Acabadas as festas natalícias, conversámos por acaso, mas a esse propósito, com uma menina dos seus nove anos de idade, que é bastante inteligente, tem muita curiosidade e vontade de aprender, e que é igualmente uma excelente aluna.

Mas dito isto, a rapariga não fazia a mais leve ideia, que o Menino Jesus era o Cristo. Conhecia perfeitamente ambos os nomes, mas cria que cada um deles correspondia a uma pessoa diferente.

É possível comemorar o Natal sem se ter a menor ideia que o Menino Jesus e Cristo são o mesmo ser? Pelos vistos é. Na verdade, não é preciso procurarmos muito, para encontrarmos celebrações, comemorações e festas, cuja verdadeira razão de ser e respectivo significado, poucos conhecem ou sabem.

A humanidade desde sempre festejou os seus deuses, as suas histórias, as suas lendas, santos, heróis e mitos, mas tudo isso tinha um sentido, que estava associado a um significado que por todos era conhecido. No entanto, parece que agora tal já não é preciso, pois festa é festa, e pouco importa o sentido e o significado do que se assinala e se festeja.

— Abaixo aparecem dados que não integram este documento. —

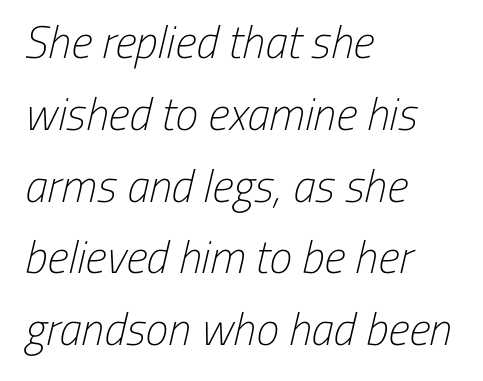
Q: Is the text bold? A: No.
Q: Is the typeface a serif or a sans-serif typeface? A: Sans-serif.
Q: Is the text underlined? A: No.
Q: How is the paragraph aligned? A: Left-aligned.
Q: Is the spacing between letters normal or unusually wide? A: Normal.
Q: Is the spacing between lines tight, normal or loose? A: Normal.
Q: Width (condensed, normal, or wide)? A: Condensed.
Q: Stroke contrast? A: Low.
Q: x-height? A: Medium.
Q: Monospaced? A: No.
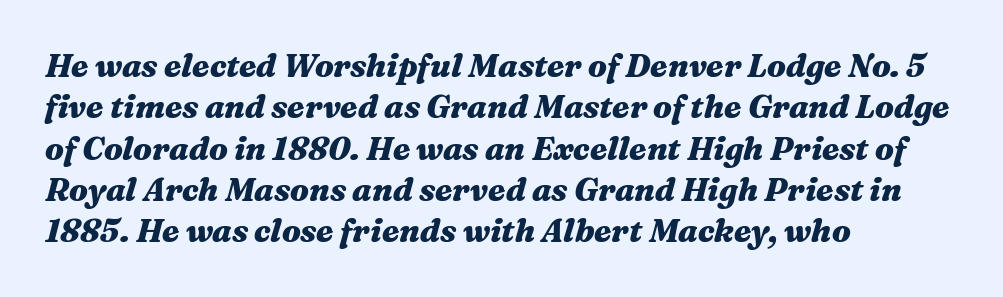
Emphasis-style slanted type is in use. Is there much room between lines? A standard amount, neither cramped nor airy. As a designer I'd log this as weight 700, bold. Letters rest on an invisible, unmarked baseline.

Nunca nos cansamos de falar do Halloween, e de como crianças e jovens em Portugal e não só, o comemoram tão entusiasticamente. Todavia, se porventura conversarmos um pouco que seja com muitas dessas crianças e jovens, rapidamente chegaremos à conclusão, de que não têm a mais pequena noção, da razão de ser de tal festa. Quando muito sabem que tem a ver com sustos e bruxas, e por isso se mascaram e pronto, está o dia feito.



Poderíamos arranjar outros exemplos semelhantes, mas o nosso ponto, é o de que hoje em dia há festas e comemorações, em que pouco ou nada se liga e sabe do seu sentido e significado.

O mesmo é dizer, que não se quer saber dos deuses, das histórias, das lendas, dos santos, dos heróis e dos mitos a esses eventos festivos associados, ou seja, a tudo aquilo que dá às festas e celebrações sentido e significado, e que faria com que estas não fossem uma mera mascarada.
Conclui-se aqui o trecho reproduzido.